Keesokan harinya, semua siswa mengumpulkan stik kepada guru kelas.  Stik yang sudah terkumpul diperiksa dengan teliti.  Di kelas 4b, ada satu stik yang tampak bekas potongan dan ukurannya berbeda.  Begitu juga di kelas 4a.
“Akhirnya, dari stik yang kalian kumpulkan, Ibu tahu siapa yang selama ini melakukan kecurangan di warung jujur.”  Kata Bu Ira, Guru Kelas 4b, kepada siswanya.
“Siapa, Bu?”  Bu Guru tersenyum. 
“Alangkah baiknya jika anak yang Ibu maksud berani mengakuinya sebelum orangtuanya dipanggil oleh Kepala Sekolah.”  Meskipun berusaha tenang, wajah Risman terasa panas.  Mukanya tampak memerah.  Untung tak seorang pun temannya  memperhatikan.  Di kelasnya, Bonar juga merasakan hal yang sama.
Di kantin sekolah.
“Bonar, kita mengaku saja, yuk?  Aku takut kalau orangtuaku tahu semua ini.  Bisa-bisa mereka mengirimku ke kampung nenek lagi karena menganggapku masih nakal.”
“Aku juga takut.  Tapi kalau kita mengaku, nanti kita dihukum.”
“Ya, sih.  Tapi karena kita sudah salah, pantas juga dihukum.  Asal orangtuaku tak tahu masalah ini, aku bisa tenang.”  Keduanya terdiam beberapa saat.
“Aku akan mengaku.”  Risman bangkit dan berjalan menuju kelasnya.  Bu Ira tampak sedang sibuk mengoreksi PR siswa.  Beliau tersenyum melihat kedatangan Risman.
“Bu....”
“Duduklah.  Jadi akhirnya kamu menyadari kesalahanmu?”
“Tapi, bagaimana Ibu tahu pelakunya saya?  Apa stik saya memanjang lagi?”
“Bukan memanjang, tapi memendek.  Benda mati, kan, tidak bisa tumbuh dan berkembang?”
“Kata Bu Yasmin....”
“Bu Yasmin bukannya ingin berbohong, tapi berusaha membuat kalian menyadari kesalahan kalian.”
“Saya menyesal, Bu.”  Risman menunduk dalam-dalam.
“Kenapa menyesalnya menunggu ketahuan?”  Risman terdiam.
“Saya janji tak akan mengulanginya lagi.  Jangan panggil orangtua saya, ya, Bu?”
“Coba pandang Ibu.”  Risman memberanikan diri memandang bu Ira.  Matanya berkaca-kaca.

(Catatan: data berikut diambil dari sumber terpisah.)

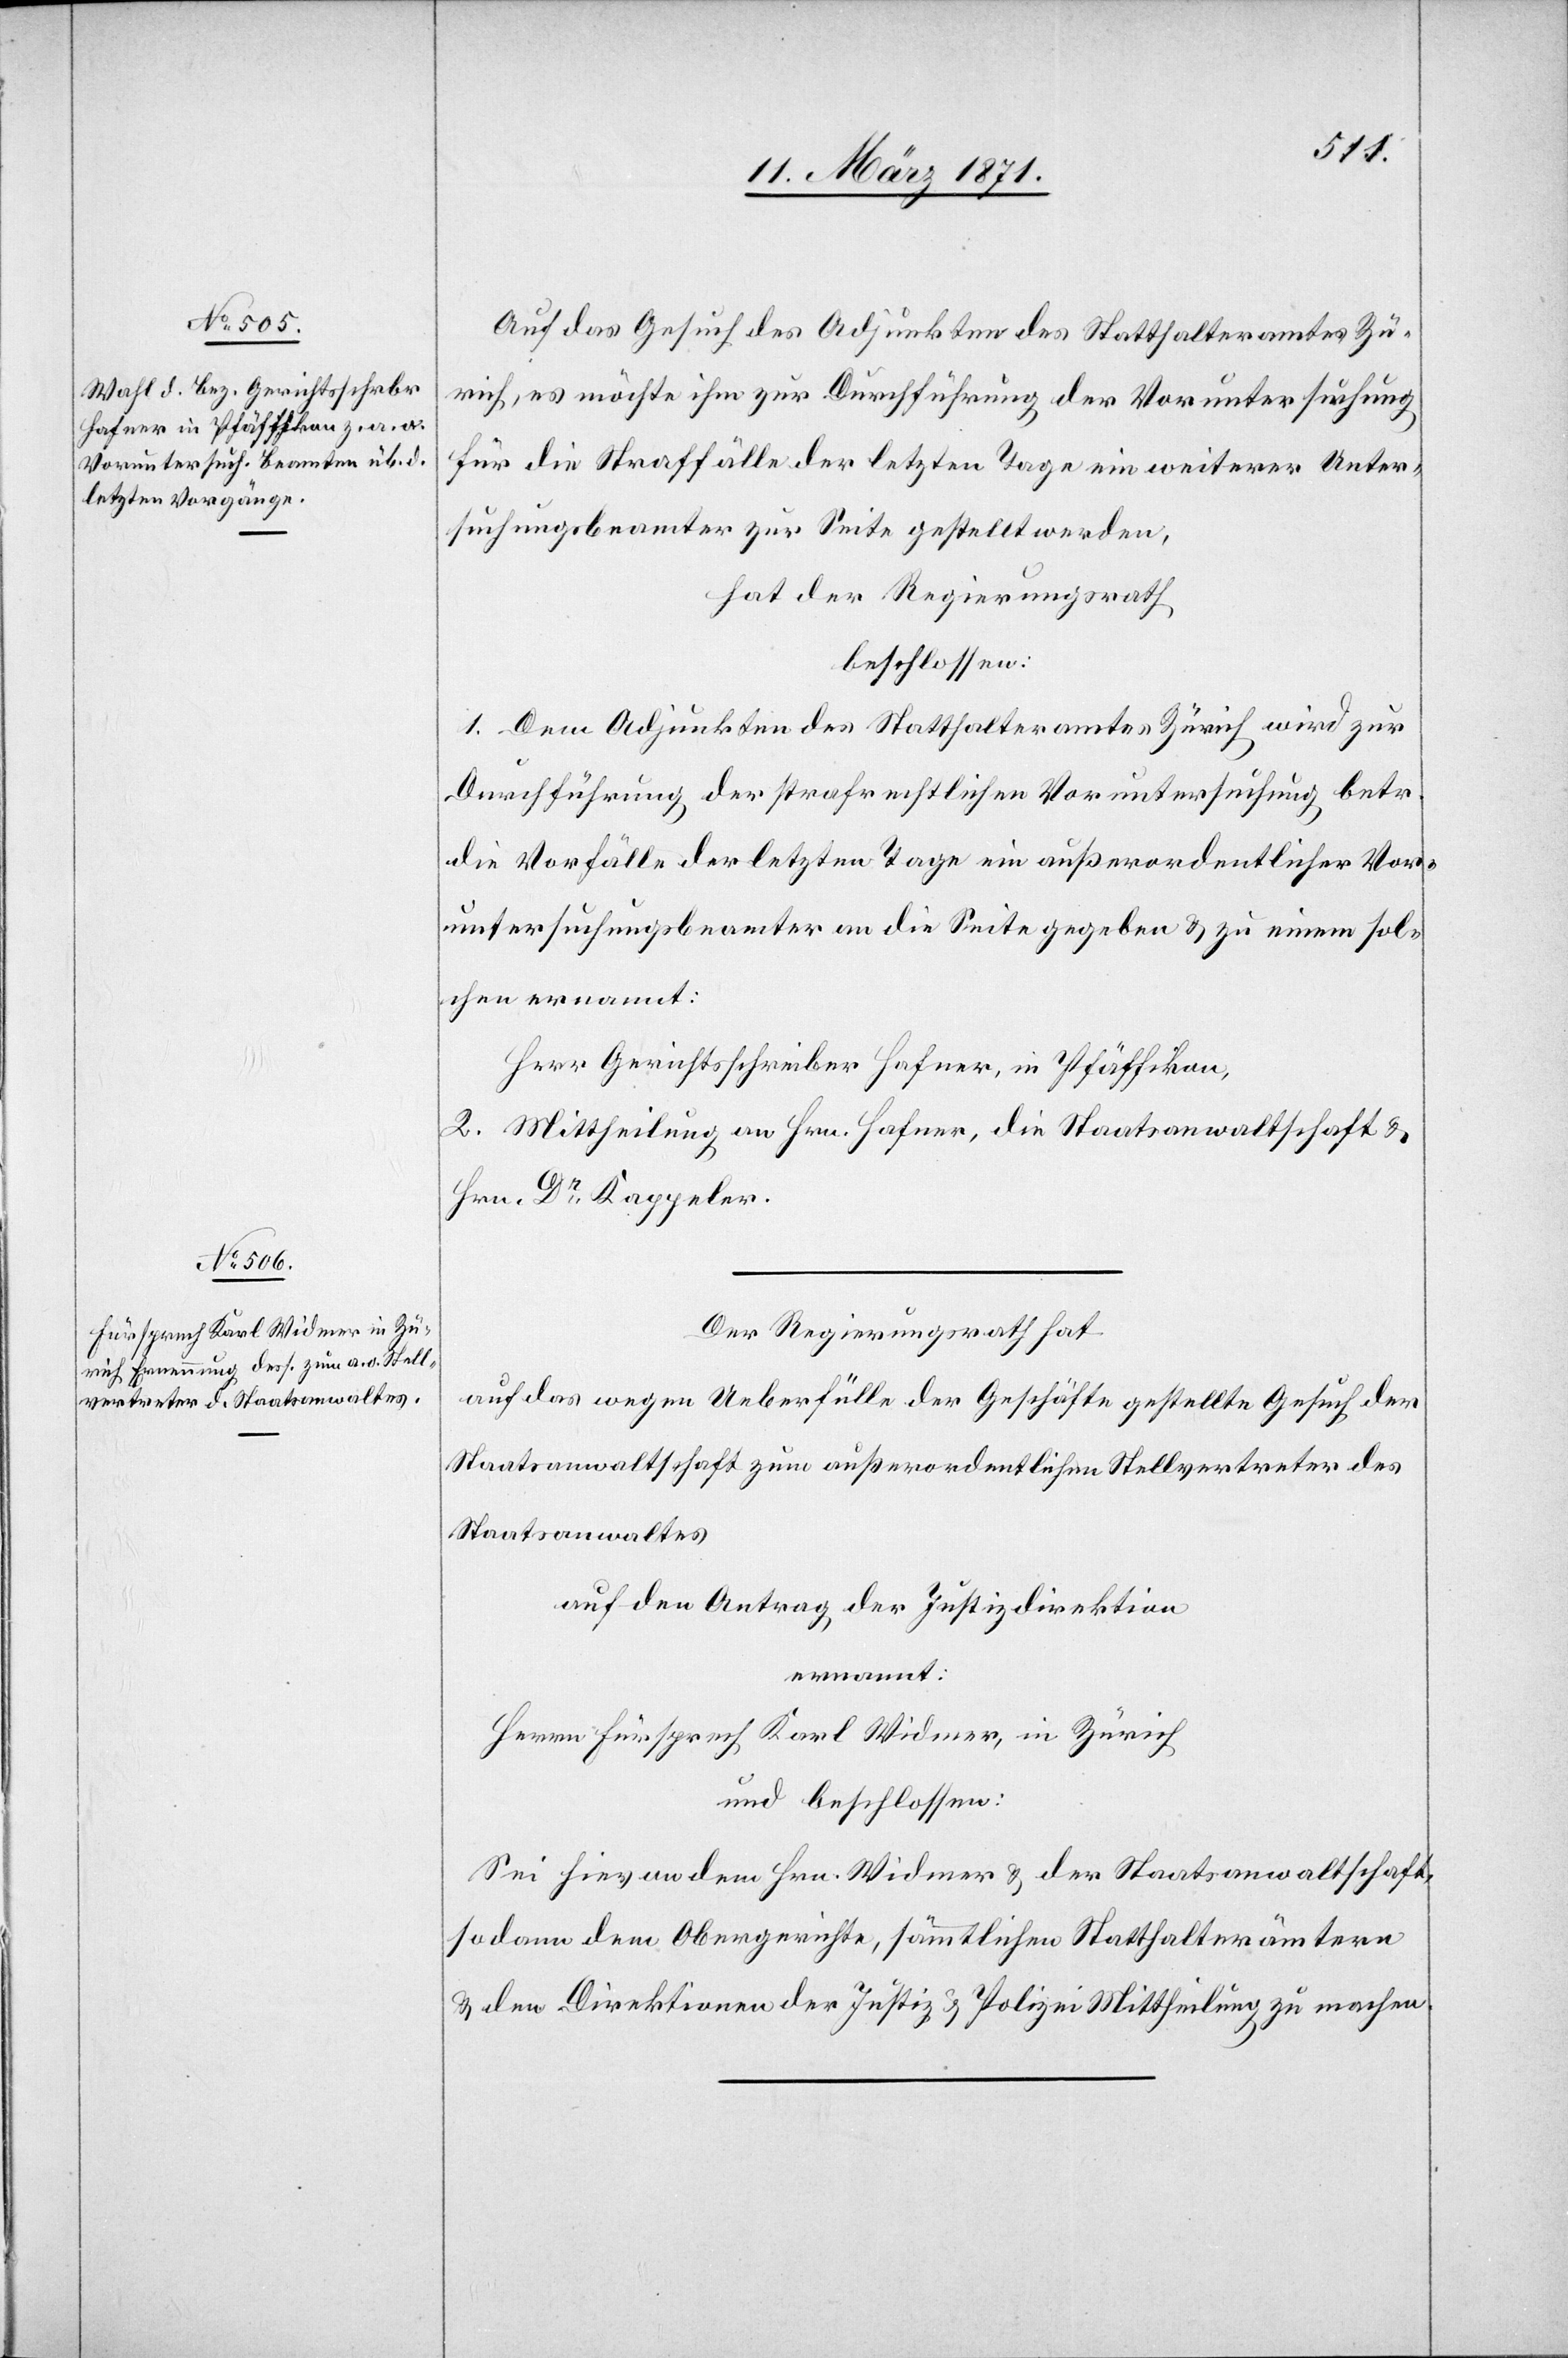
Auf das Gesuch des Adjunkten des Statthalteramt Zü¬
rich, es möchte ihm zur Durchführung der Voruntersuchung
für die Straffälle der letzten Tage ein weiterer Unter¬
suchungsbeamter zur Seite gestellt werden,
hat der Regierungsrath
beschlossen:
1. Dem Adjunkten des Statthalteramtes Zürich wird zur
Durchführung der strafrechtlichen Voruntersuchung betr.
die Vorfälle der letzten Tage ein außerordentlicher Vor¬
untersuchungsbeamter an die Seite gegeben u. zu einem sol¬
chen ernannt:
Herr Gerichtsschreiber Hafner, in Pfäffikon,
2. Mittheilung an Hrn. Hafner, die Staatsanwaltschaft u.
Hrn. Dr. Kappeler.
Der Regierungsrath hat
auf das wegen Ueberfälle der Geschäfte gestellte Gesuch der
Staatsanwaltschaft zum außerordentlichen Stellvertreter des
Staatsanwaltes
auf den Antrag der Justizdirektion
ernannt:
Herrn Fürsprech Karl Widmer, in Zürich
und beschlossen:
Sei hievon dem Hrn. Widmer u. der Staatsanwaltschaft,
sodann dem Obergerichte, sämmtlichen Statthalterämtern
u. den Direktionen der Justiz u. Polizei Mittheilung zu machen.

“Baiklah.  Kali ini, Ibu maafkan.  Jangan pernah diulangi lagi.  Perbuatanmu itu tidak hanya merugikan diri kamu sendiri.  Tapi juga merugikan sekolah dan teman-temanmu yang lain juga.”

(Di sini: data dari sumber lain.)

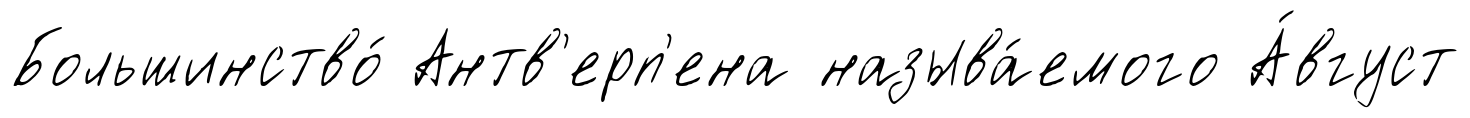
Большинство́ Антв'ерп'ена называ́емого А́вгуст
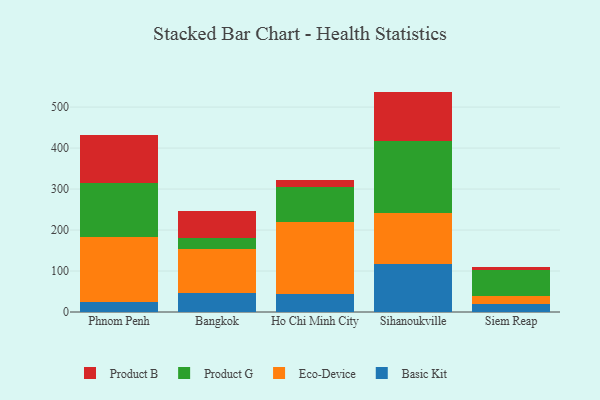
{"axis": {"x": "City", "y": "Inventory Turnover"}, "legend": ["Basic Kit", "Eco-Device", "Product B", "Product G"], "data": [{"x": "Phnom Penh", "y": 25.6, "type": "Basic Kit"}, {"x": "Phnom Penh", "y": 156.6, "type": "Eco-Device"}, {"x": "Phnom Penh", "y": 131.4, "type": "Product G"}, {"x": "Phnom Penh", "y": 118.9, "type": "Product B"}, {"x": "Bangkok", "y": 47.1, "type": "Basic Kit"}, {"x": "Bangkok", "y": 107.4, "type": "Eco-Device"}, {"x": "Bangkok", "y": 26.7, "type": "Product G"}, {"x": "Bangkok", "y": 64.8, "type": "Product B"}, {"x": "Ho Chi Minh City", "y": 44.1, "type": "Basic Kit"}, {"x": "Ho Chi Minh City", "y": 176.0, "type": "Eco-Device"}, {"x": "Ho Chi Minh City", "y": 83.9, "type": "Product G"}, {"x": "Ho Chi Minh City", "y": 17.5, "type": "Product B"}, {"x": "Sihanoukville", "y": 117.5, "type": "Basic Kit"}, {"x": "Sihanoukville", "y": 124.4, "type": "Eco-Device"}, {"x": "Sihanoukville", "y": 174.7, "type": "Product G"}, {"x": "Sihanoukville", "y": 121.2, "type": "Product B"}, {"x": "Siem Reap", "y": 19.7, "type": "Basic Kit"}, {"x": "Siem Reap", "y": 19.6, "type": "Eco-Device"}, {"x": "Siem Reap", "y": 62.9, "type": "Product G"}, {"x": "Siem Reap", "y": 7.6, "type": "Product B"}]}
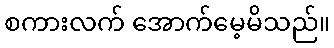
စကားလက် အောက်မေ့မိသည်။
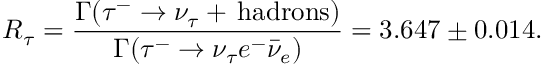
R _ { \tau } = \frac { \Gamma ( \tau ^ { - } \to \nu _ { \tau } + \, \mathrm { h a d r o n s ) } } { \Gamma ( \tau ^ { - } \to \nu _ { \tau } e ^ { - } \bar { \nu } _ { e } ) } = 3 . 6 4 7 \pm 0 . 0 1 4 .
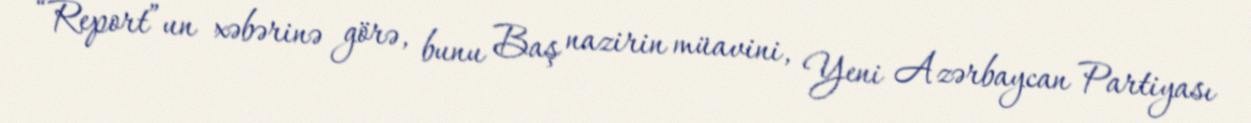
“Report”un xəbərinə görə, bunu Baş nazirin müavini, Yeni Azərbaycan Partiyası
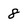
Character: 8
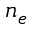
n _ { e }
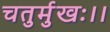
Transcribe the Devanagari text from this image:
चतुर्मुखः।।
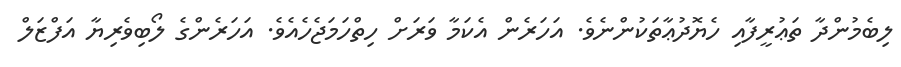
ލިބެމުންދާ ތަޢުރީފާއި ހެޔޮދުޢާތަކުންނެވެ. އަހަރެން އެކަމާ ވަރަށް ހިތްހަމަޖެހެއެވެ. އަހަރެންގެ ލޯބިވެރިޔާ އަފްޒަލް
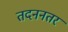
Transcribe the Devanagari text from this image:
तदननतर
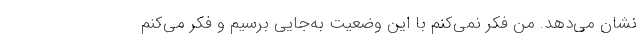
نشان می‌دهد. من فکر نمی‌کنم با این وضعیت به‌جایی برسیم و فکر می‌کنم
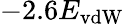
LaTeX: -2.6E_{\mathrm{vdW}}
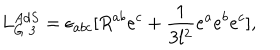
L _ { G \; 3 } ^ { A d S } = \epsilon _ { a b c } [ R ^ { a b } e ^ { c } + \frac { 1 } { 3 l ^ { 2 } } e ^ { a } e ^ { b } e ^ { c } ] ,
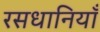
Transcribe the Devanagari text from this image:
रसधानियाँ
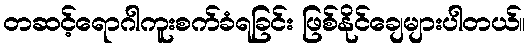
တဆင့်ရောဂါကူးစက်ခံရခြင်း ဖြစ်နိုင်ချေများပါတယ်။
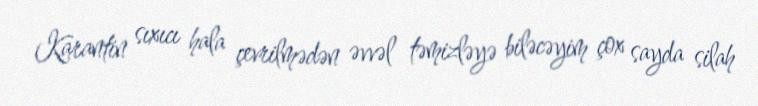
Karantin sıxıcı hala çevrilmədən əvvəl təmizləyə biləcəyim çox sayda silah
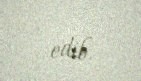
edib.
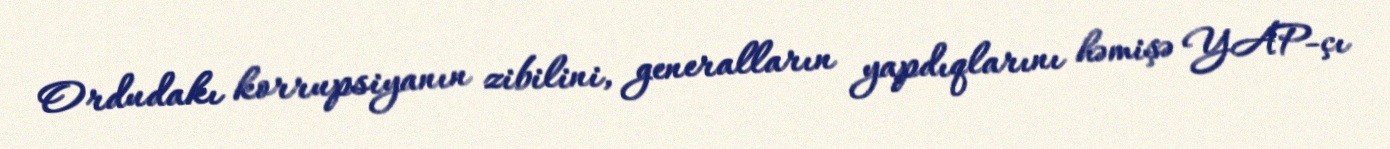
Ordudakı korrupsiyanın zibilini, generalların yapdıqlarını həmişə YAP-çı
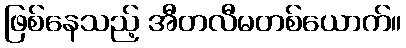
ဖြစ်နေသည့် အီတလီမတစ်ယောက်။

“Iya, Bu, saya mengerti.  Saya minta maaf.”
Di kelas 4a, tampak Bonar sedang duduk takzim di depan Bu Arta, Guru kelasnya.  Rupanya Bonar juga mengakui kesalahannya.
Hari-hari selanjutnya, warung jujur benar-benar menjadi warung jujur. Tidak ada lagi selisih barang terjual dengan jumlah uang yang masuk.  Kalau pun ada selisih, tidak seberapa nilainya. Mungkin adik-adik yang masih kelas satu atau kelas dua salah menghitung uang kembalian. Warung jujur sekolah kami pun semakin berkembang.  Kalau dulu hanya menjual alat-alat sekolah, sekarang juga ada kue-kue.  Karena harganya lebih murah dan kue-kuenya pun tampak bersih dan bergizi, siswa banyak yang jajan di warung jujur.